> **TO DO**:
With "提出会社" as the search word, show every line of the material that has it.

> **PROVIDED INFORMATION**:
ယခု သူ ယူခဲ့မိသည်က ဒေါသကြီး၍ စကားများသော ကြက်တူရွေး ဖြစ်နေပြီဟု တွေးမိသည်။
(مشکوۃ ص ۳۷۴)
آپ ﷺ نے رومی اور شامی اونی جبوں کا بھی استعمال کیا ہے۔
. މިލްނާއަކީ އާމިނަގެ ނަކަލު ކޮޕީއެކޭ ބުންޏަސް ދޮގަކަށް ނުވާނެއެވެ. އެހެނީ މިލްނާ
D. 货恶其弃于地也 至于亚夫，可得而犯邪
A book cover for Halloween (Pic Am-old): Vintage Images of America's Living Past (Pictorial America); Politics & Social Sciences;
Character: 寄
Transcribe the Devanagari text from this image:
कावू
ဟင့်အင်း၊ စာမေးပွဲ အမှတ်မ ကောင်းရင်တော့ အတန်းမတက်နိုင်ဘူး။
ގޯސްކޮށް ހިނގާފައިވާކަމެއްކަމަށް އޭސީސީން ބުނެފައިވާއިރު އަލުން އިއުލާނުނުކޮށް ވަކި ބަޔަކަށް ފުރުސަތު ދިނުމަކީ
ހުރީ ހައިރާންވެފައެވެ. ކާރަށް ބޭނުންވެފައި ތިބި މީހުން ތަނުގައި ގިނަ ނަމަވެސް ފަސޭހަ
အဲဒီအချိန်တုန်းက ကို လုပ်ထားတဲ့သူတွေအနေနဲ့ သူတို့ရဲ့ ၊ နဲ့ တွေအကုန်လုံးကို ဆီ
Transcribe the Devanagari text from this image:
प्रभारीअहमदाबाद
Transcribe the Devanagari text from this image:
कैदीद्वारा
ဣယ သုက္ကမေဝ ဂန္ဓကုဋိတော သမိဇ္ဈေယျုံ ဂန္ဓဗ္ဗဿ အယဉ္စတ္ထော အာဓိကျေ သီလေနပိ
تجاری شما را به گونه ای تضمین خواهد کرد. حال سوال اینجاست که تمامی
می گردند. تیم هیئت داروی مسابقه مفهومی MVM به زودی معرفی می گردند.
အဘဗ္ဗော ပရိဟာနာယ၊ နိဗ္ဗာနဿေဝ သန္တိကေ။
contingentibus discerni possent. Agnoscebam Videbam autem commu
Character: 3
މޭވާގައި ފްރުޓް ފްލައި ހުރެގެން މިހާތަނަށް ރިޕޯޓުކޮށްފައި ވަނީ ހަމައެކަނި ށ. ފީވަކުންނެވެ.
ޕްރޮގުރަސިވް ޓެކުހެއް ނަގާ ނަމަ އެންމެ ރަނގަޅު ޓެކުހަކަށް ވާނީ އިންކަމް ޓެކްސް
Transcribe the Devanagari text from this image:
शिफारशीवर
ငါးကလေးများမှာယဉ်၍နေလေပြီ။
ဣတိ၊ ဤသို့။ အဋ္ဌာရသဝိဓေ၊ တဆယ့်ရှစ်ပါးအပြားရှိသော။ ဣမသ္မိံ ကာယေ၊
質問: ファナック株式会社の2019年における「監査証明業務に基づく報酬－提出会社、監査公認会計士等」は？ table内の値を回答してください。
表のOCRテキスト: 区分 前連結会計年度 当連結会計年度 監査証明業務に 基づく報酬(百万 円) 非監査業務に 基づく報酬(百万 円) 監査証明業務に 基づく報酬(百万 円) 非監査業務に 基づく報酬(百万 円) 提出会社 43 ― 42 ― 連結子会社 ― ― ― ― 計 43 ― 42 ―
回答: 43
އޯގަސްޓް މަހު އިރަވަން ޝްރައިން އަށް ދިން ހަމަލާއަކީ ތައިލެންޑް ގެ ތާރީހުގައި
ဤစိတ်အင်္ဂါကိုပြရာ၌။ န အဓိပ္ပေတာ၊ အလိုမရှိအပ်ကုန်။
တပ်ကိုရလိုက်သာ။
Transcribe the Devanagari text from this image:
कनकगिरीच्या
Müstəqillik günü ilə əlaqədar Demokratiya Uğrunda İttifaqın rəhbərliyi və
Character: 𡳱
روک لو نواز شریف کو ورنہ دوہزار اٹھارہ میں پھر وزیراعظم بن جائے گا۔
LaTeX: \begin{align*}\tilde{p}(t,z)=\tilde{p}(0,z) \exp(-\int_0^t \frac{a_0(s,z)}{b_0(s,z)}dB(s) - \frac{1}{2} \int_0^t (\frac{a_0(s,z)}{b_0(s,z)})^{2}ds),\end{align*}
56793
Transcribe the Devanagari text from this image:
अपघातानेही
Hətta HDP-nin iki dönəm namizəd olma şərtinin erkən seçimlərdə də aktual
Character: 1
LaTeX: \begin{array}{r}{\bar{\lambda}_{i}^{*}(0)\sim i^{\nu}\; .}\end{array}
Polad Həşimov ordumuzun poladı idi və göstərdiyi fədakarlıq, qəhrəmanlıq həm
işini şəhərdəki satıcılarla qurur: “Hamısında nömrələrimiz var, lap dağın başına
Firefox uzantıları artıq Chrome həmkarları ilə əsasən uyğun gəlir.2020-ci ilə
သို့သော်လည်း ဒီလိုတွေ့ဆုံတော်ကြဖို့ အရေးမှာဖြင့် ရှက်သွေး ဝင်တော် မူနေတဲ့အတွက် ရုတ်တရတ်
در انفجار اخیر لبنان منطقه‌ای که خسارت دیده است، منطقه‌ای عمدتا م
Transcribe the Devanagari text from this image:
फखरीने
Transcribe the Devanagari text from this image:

> **ANSWER SPACE**:
質問: ファナック株式会社の2019年における「監査証明業務に基づく報酬－提出会社、監査公認会計士等」は？ table内の値を回答してください。
表のOCRテキスト: 区分 前連結会計年度 当連結会計年度 監査証明業務に 基づく報酬(百万 円) 非監査業務に 基づく報酬(百万 円) 監査証明業務に 基づく報酬(百万 円) 非監査業務に 基づく報酬(百万 円) 提出会社 43 ― 42 ― 連結子会社 ― ― ― ― 計 43 ― 42 ―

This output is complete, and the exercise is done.